Leave out the pictures, then return the records word for word.
(Input data)
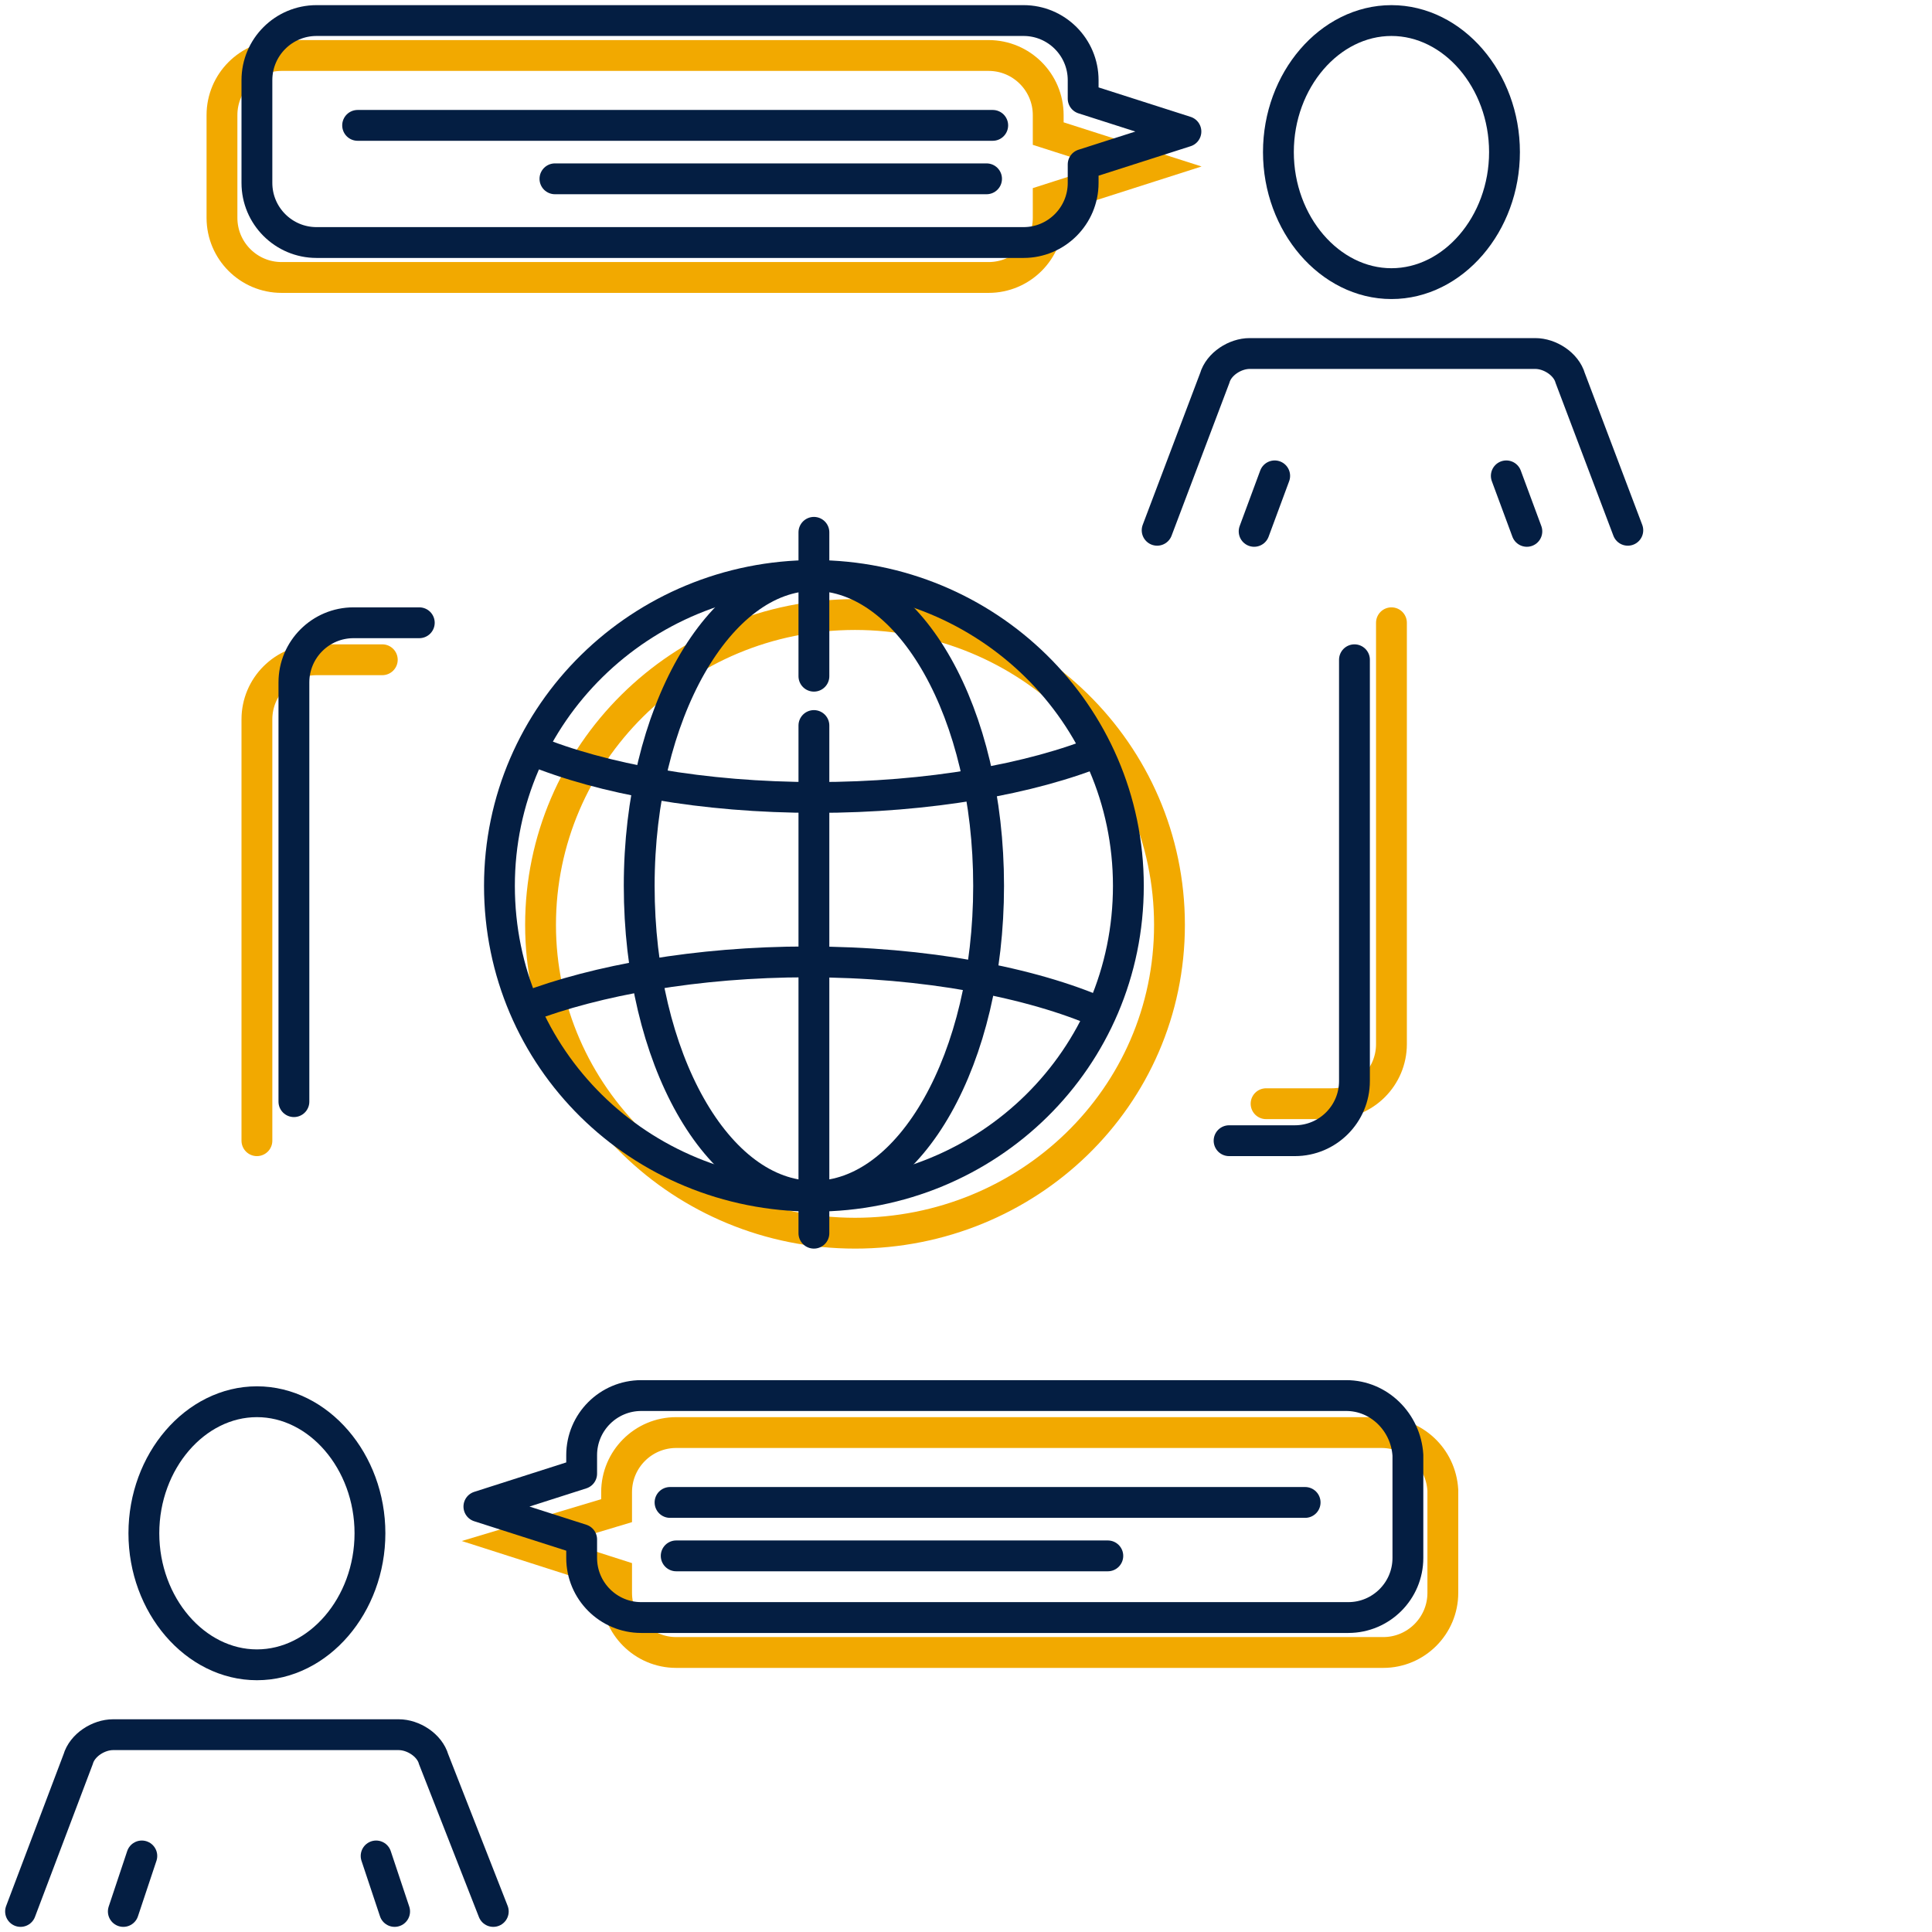 <?xml version="1.0" encoding="utf-8"?>
<!-- Generator: Adobe Illustrator 26.0.0, SVG Export Plug-In . SVG Version: 6.00 Build 0)  -->
<svg version="1.1" id="Layer_1" xmlns="http://www.w3.org/2000/svg" xmlns:xlink="http://www.w3.org/1999/xlink" x="0px" y="0px"
	 viewBox="0 0 94 94" style="enable-background:new 0 0 94 94;" xml:space="preserve">
<style type="text/css">
	.st0{fill:none;stroke:#F2A900;stroke-width:1.5;}
	.st1{fill:none;stroke:#041E42;stroke-width:1.5;stroke-linecap:round;}
	.st2{fill:none;}
	.st3{fill:none;stroke:#F2A900;stroke-width:1.5;stroke-linecap:round;}
	.st4{fill:none;stroke:#041E42;stroke-width:1.5;stroke-linecap:round;stroke-linejoin:round;}
	.st5{fill:none;stroke:#041E42;stroke-width:1.5;}
	.st6{fill:none;stroke:#041E42;stroke-width:1.5;stroke-linejoin:round;}
</style>
<g id="Desktop-_x2014_-V14">
	<g id="_x31_.0-About-us" transform="translate(-403, -2963)">
		<g id="Our-values" transform="translate(0, 2572)">
			<g id="value" transform="translate(402, 392)">
				<g id="icon_x2F_collaborate" transform="translate(2, 0)">
					<path id="Stroke-1" class="st0" d="M12.7,12.5h34.4c1.6,0,2.9-1.3,2.9-2.9V8.7l5-1.6l-5-1.6V4.6c0-1.6-1.3-2.9-2.9-2.9H12.7
						c-1.6,0-2.9,1.3-2.9,2.9v5C9.8,11.2,11.1,12.5,12.7,12.5z"/>
					<path id="Stroke-3" class="st0" d="M66.2,68.7H31.9c-1.6,0-2.9,1.3-2.9,2.9v0.9L24,74l5,1.6v0.9c0,1.6,1.3,2.9,2.9,2.9h34.4
						c1.6,0,2.9-1.3,2.9-2.9v-5C69.1,69.9,67.8,68.7,66.2,68.7z"/>
					<path id="Stroke-5" class="st1" d="M78.2,24.8l-2.8-7.4c-0.2-0.7-1-1.2-1.7-1.2H59.8c-0.7,0-1.5,0.5-1.7,1.2l-2.8,7.4"/>
					<g id="Group-10" transform="translate(60.019, 22.153)">
						<line id="Fill-7" class="st2" x1="1" y1="0" x2="0" y2="2.7"/>
						<line id="Stroke-9" class="st1" x1="1" y1="0" x2="0" y2="2.7"/>
					</g>
					<g id="Group-14" transform="translate(72.288, 22.153)">
						<line id="Fill-11" class="st2" x1="0" y1="0" x2="1" y2="2.7"/>
						<line id="Stroke-13" class="st1" x1="0" y1="0" x2="1" y2="2.7"/>
					</g>
					<path id="Stroke-15" class="st1" d="M0,92l2.8-7.4c0.2-0.7,1-1.2,1.7-1.2h13.9c0.7,0,1.5,0.5,1.7,1.2L23,92"/>
					<line id="Stroke-17" class="st1" x1="17.3" y1="89.3" x2="18.2" y2="92"/>
					<line id="Stroke-19" class="st1" x1="5.9" y1="89.3" x2="5" y2="92"/>
					<path id="Stroke-21" class="st0" d="M40.6,28.9c8.4,0,15.3,6.7,15.3,15.1S49,59,40.6,59s-15.3-6.7-15.3-15S32.1,28.9,40.6,28.9
						z"/>
					<path id="Stroke-23" class="st3" d="M66.7,29.3v20.5c0,1.6-1.3,2.9-2.9,2.9h-3.2"/>
					<path id="Stroke-25" class="st1" d="M64.9,31.1v20.5c0,1.6-1.3,2.9-2.9,2.9h-3.2"/>
					<path id="Stroke-27" class="st3" d="M11.5,54.5V34c0-1.6,1.3-2.9,2.9-2.9h3.2"/>
					<path id="Stroke-29" class="st1" d="M13.3,52.6V32.2c0-1.6,1.3-2.9,2.9-2.9h3.2"/>
					<line id="Stroke-31" class="st4" x1="16.4" y1="5.1" x2="47.3" y2="5.1"/>
					<line id="Stroke-33" class="st4" x1="26" y1="7.7" x2="47" y2="7.7"/>
					<line id="Stroke-35" class="st4" x1="62.5" y1="72.1" x2="31.6" y2="72.1"/>
					<line id="Stroke-37" class="st4" x1="52.9" y1="74.7" x2="31.9" y2="74.7"/>
					<path id="Stroke-39" class="st4" d="M64.5,66.9H30.2c-1.6,0-2.9,1.3-2.9,2.9v0.9l-5,1.6l5,1.6v0.9c0,1.6,1.3,2.9,2.9,2.9h34.4
						c1.6,0,2.9-1.3,2.9-2.9v-5C67.4,68.2,66.1,66.9,64.5,66.9z"/>
					<path id="Stroke-41" class="st4" d="M14.4,10.8h34.4c1.6,0,2.9-1.3,2.9-2.9V7l5-1.6l-5-1.6V2.9c0-1.6-1.3-2.9-2.9-2.9H14.4
						c-1.6,0-2.9,1.3-2.9,2.9v5C11.5,9.5,12.8,10.8,14.4,10.8z"/>
					<path id="Stroke-43" class="st5" d="M66.7,12.8c-3,0-5.5-2.9-5.5-6.4S63.7,0,66.7,0s5.5,2.9,5.5,6.4S69.7,12.8,66.7,12.8z"/>
					<path id="Stroke-45" class="st5" d="M11.5,80c-3,0-5.5-2.9-5.5-6.4s2.5-6.4,5.5-6.4s5.5,2.9,5.5,6.4S14.5,80,11.5,80z"/>
					<path id="Stroke-47" class="st4" d="M38.6,27c8.4,0,15.3,6.7,15.3,15.1s-6.8,15.1-15.3,15.1s-15.3-6.7-15.3-15.1
						S30.2,27,38.6,27z"/>
					<path id="Stroke-49" class="st4" d="M38.6,27c4.7,0,8.5,6.7,8.5,15.1s-3.8,15.1-8.5,15.1s-8.5-6.7-8.5-15.1S34,27,38.6,27z"/>
					<line id="Stroke-51" class="st4" x1="38.6" y1="24.9" x2="38.6" y2="31.9"/>
					<line id="Stroke-53" class="st4" x1="38.6" y1="34.3" x2="38.6" y2="59"/>
					<path id="Stroke-55" class="st6" d="M52.6,35.5c-3.4,1.4-8.4,2.3-13.9,2.3s-10.4-0.9-13.8-2.3"/>
					<path id="Stroke-57" class="st6" d="M24.6,48c3.4-1.3,8.3-2.2,13.7-2.2c5.7,0,10.9,1,14.3,2.5"/>
				</g>
			</g>
		</g>
	</g>
</g>
</svg>
(End Input data)
## Exercise solution
 <?xml version="1.0" encoding="utf-8"?>
<!-- Generator: Adobe Illustrator 26.0.0, SVG Export Plug-In . SVG Version: 6.00 Build 0)  -->
<svg version="1.1" id="Layer_1" xmlns="http://www.w3.org/2000/svg" xmlns:xlink="http://www.w3.org/1999/xlink" x="0px" y="0px"
	 viewBox="0 0 94 94" style="enable-background:new 0 0 94 94;" xml:space="preserve">
<style type="text/css">
	.st0{fill:none;stroke:#F2A900;stroke-width:1.5;}
	.st1{fill:none;stroke:#041E42;stroke-width:1.5;stroke-linecap:round;}
	.st2{fill:none;}
	.st3{fill:none;stroke:#F2A900;stroke-width:1.5;stroke-linecap:round;}
	.st4{fill:none;stroke:#041E42;stroke-width:1.5;stroke-linecap:round;stroke-linejoin:round;}
	.st5{fill:none;stroke:#041E42;stroke-width:1.5;}
	.st6{fill:none;stroke:#041E42;stroke-width:1.5;stroke-linejoin:round;}
</style>
<g id="Desktop-_x2014_-V14">
	<g id="_x31_.0-About-us" transform="translate(-403, -2963)">
		<g id="Our-values" transform="translate(0, 2572)">
			<g id="value" transform="translate(402, 392)">
				<g id="icon_x2F_collaborate" transform="translate(2, 0)">
					<path id="Stroke-1" class="st0" d="M12.7,12.5h34.4c1.6,0,2.9-1.3,2.9-2.9V8.7l5-1.6l-5-1.6V4.6c0-1.6-1.3-2.9-2.9-2.9H12.7
						c-1.6,0-2.9,1.3-2.9,2.9v5C9.8,11.2,11.1,12.5,12.7,12.5z"/>
					<path id="Stroke-3" class="st0" d="M66.2,68.7H31.9c-1.6,0-2.9,1.3-2.9,2.9v0.9L24,74l5,1.6v0.9c0,1.6,1.3,2.9,2.9,2.9h34.4
						c1.6,0,2.9-1.3,2.9-2.9v-5C69.1,69.9,67.8,68.7,66.2,68.7z"/>
					<path id="Stroke-5" class="st1" d="M78.2,24.8l-2.8-7.4c-0.2-0.7-1-1.2-1.7-1.2H59.8c-0.7,0-1.5,0.5-1.7,1.2l-2.8,7.4"/>
					<g id="Group-10" transform="translate(60.019, 22.153)">
						<line id="Fill-7" class="st2" x1="1" y1="0" x2="0" y2="2.7"/>
						<line id="Stroke-9" class="st1" x1="1" y1="0" x2="0" y2="2.7"/>
					</g>
					<g id="Group-14" transform="translate(72.288, 22.153)">
						<line id="Fill-11" class="st2" x1="0" y1="0" x2="1" y2="2.7"/>
						<line id="Stroke-13" class="st1" x1="0" y1="0" x2="1" y2="2.7"/>
					</g>
					<path id="Stroke-15" class="st1" d="M0,92l2.8-7.4c0.2-0.7,1-1.2,1.7-1.2h13.9c0.7,0,1.5,0.5,1.7,1.2L23,92"/>
					<line id="Stroke-17" class="st1" x1="17.3" y1="89.3" x2="18.2" y2="92"/>
					<line id="Stroke-19" class="st1" x1="5.9" y1="89.3" x2="5" y2="92"/>
					<path id="Stroke-21" class="st0" d="M40.6,28.9c8.4,0,15.3,6.7,15.3,15.1S49,59,40.6,59s-15.3-6.7-15.3-15S32.1,28.9,40.6,28.9
						z"/>
					<path id="Stroke-23" class="st3" d="M66.7,29.3v20.5c0,1.6-1.3,2.9-2.9,2.9h-3.2"/>
					<path id="Stroke-25" class="st1" d="M64.9,31.1v20.5c0,1.6-1.3,2.9-2.9,2.9h-3.2"/>
					<path id="Stroke-27" class="st3" d="M11.5,54.5V34c0-1.6,1.3-2.9,2.9-2.9h3.2"/>
					<path id="Stroke-29" class="st1" d="M13.3,52.6V32.2c0-1.6,1.3-2.9,2.9-2.9h3.2"/>
					<line id="Stroke-31" class="st4" x1="16.4" y1="5.1" x2="47.3" y2="5.1"/>
					<line id="Stroke-33" class="st4" x1="26" y1="7.7" x2="47" y2="7.7"/>
					<line id="Stroke-35" class="st4" x1="62.5" y1="72.1" x2="31.6" y2="72.1"/>
					<line id="Stroke-37" class="st4" x1="52.9" y1="74.7" x2="31.9" y2="74.7"/>
					<path id="Stroke-39" class="st4" d="M64.5,66.9H30.2c-1.6,0-2.9,1.3-2.9,2.9v0.9l-5,1.6l5,1.6v0.9c0,1.6,1.3,2.9,2.9,2.9h34.4
						c1.6,0,2.9-1.3,2.9-2.9v-5C67.4,68.2,66.1,66.9,64.5,66.9z"/>
					<path id="Stroke-41" class="st4" d="M14.4,10.8h34.4c1.6,0,2.9-1.3,2.9-2.9V7l5-1.6l-5-1.6V2.9c0-1.6-1.3-2.9-2.9-2.9H14.4
						c-1.6,0-2.9,1.3-2.9,2.9v5C11.5,9.5,12.8,10.8,14.4,10.8z"/>
					<path id="Stroke-43" class="st5" d="M66.7,12.8c-3,0-5.5-2.9-5.5-6.4S63.7,0,66.7,0s5.5,2.9,5.5,6.4S69.7,12.8,66.7,12.8z"/>
					<path id="Stroke-45" class="st5" d="M11.5,80c-3,0-5.5-2.9-5.5-6.4s2.5-6.4,5.5-6.4s5.5,2.9,5.5,6.4S14.5,80,11.5,80z"/>
					<path id="Stroke-47" class="st4" d="M38.6,27c8.4,0,15.3,6.7,15.3,15.1s-6.8,15.1-15.3,15.1s-15.3-6.7-15.3-15.1
						S30.2,27,38.6,27z"/>
					<path id="Stroke-49" class="st4" d="M38.6,27c4.7,0,8.5,6.7,8.5,15.1s-3.8,15.1-8.5,15.1s-8.5-6.7-8.5-15.1S34,27,38.6,27z"/>
					<line id="Stroke-51" class="st4" x1="38.6" y1="24.9" x2="38.6" y2="31.9"/>
					<line id="Stroke-53" class="st4" x1="38.6" y1="34.3" x2="38.6" y2="59"/>
					<path id="Stroke-55" class="st6" d="M52.6,35.5c-3.4,1.4-8.4,2.3-13.9,2.3s-10.4-0.9-13.8-2.3"/>
					<path id="Stroke-57" class="st6" d="M24.6,48c3.4-1.3,8.3-2.2,13.7-2.2c5.7,0,10.9,1,14.3,2.5"/>
				</g>
			</g>
		</g>
	</g>
</g>
</svg>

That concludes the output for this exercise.